My wife and I just purchased two Kindles.  If we are reading the same purchased book but are on two different pages.  Is that going to cause a syncing problem?


----------



## Meemo (Oct 27, 2008)

Shouldn't be a problem unless you tell it to sync.  It won't automatically sync - it will ask you if you want to.


----------



## Cousin_Orville (Jul 20, 2009)

Otherwise, we can each download the same book?  We don't have to purchase it twice?


----------



## marianneg (Nov 4, 2008)

Cousin_Orville said:


> Otherwise, we can each download the same book? We don't have to purchase it twice?


That's right.


----------



## Ann in Arlington (Oct 27, 2008)

I'd suggest turning off the syncing feature. . . .there's a link near the bottom of the Manage Your Kindle page that says something about Whispersync.


----------



## Meemo (Oct 27, 2008)

Cousin_Orville said:


> Otherwise, we can each download the same book? We don't have to purchase it twice?

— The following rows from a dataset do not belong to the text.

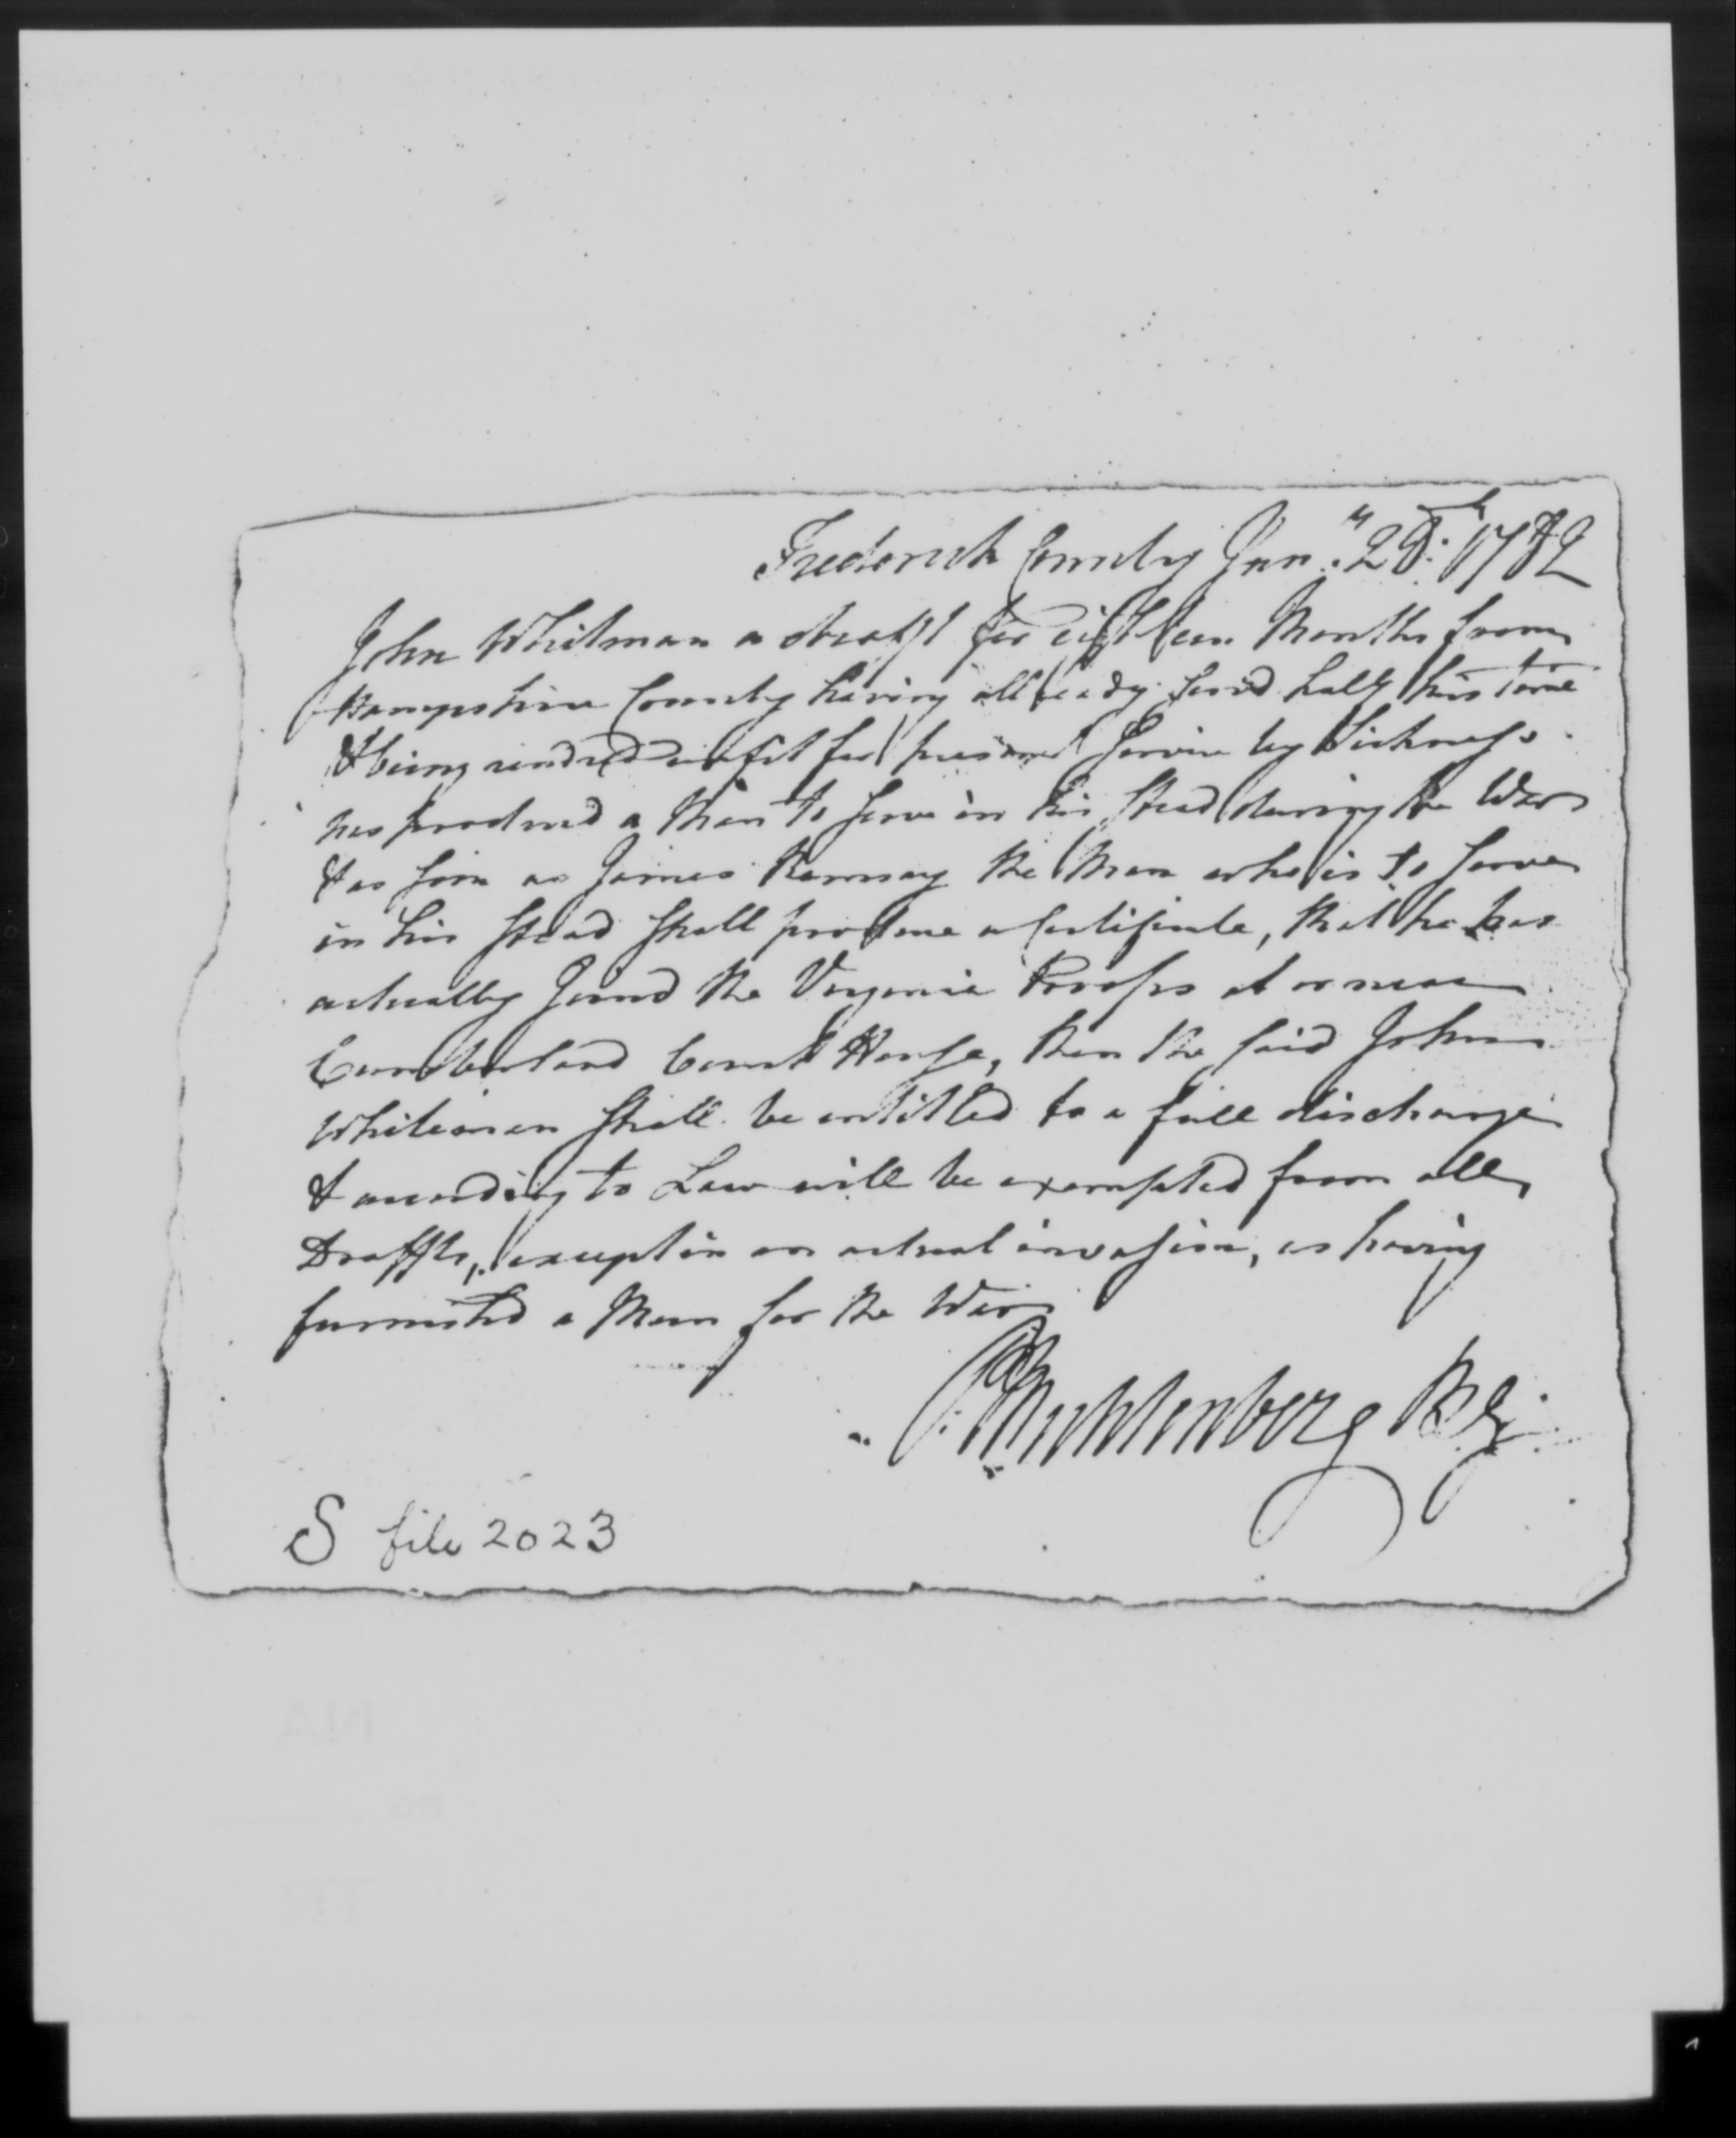Frederick County January 28th 1782
John Whitman a draftee for eighteen months from
Hampshire County having all ready [sic] served half his time
And being rendered unfit for present service by sickness
his produced a man to serve in his stead during the war 
and as for one James Kenny the man who is to serve
in his stead shall produce a certificate, that he has
actually joined the Virginia troops at or near
Cumberland Court House, then the said John
Whitman shall be entitled to a full discharge
and according to Law will be exempted from all
Draffts [sic] exception an actual [illegible]  as having
Furnished a man for the war.
PJ Muhlenberg Brigadier General
S file 2023

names: P J Mohlenberg, John Whitman
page: 21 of 22
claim: survivor's
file: S 2023, John Whitman, Va.

Yep, as long as both Kindles are registered to the same Amazon account.


----------



## kevindorsey (Mar 4, 2009)

Up to 7 downloads are allowed I believe.


----------



## Ann in Arlington (Oct 27, 2008)

Actually, Amazon says 6 (and some publishers limit it to less than) that, but two definitely shouldn't be a problem.


----------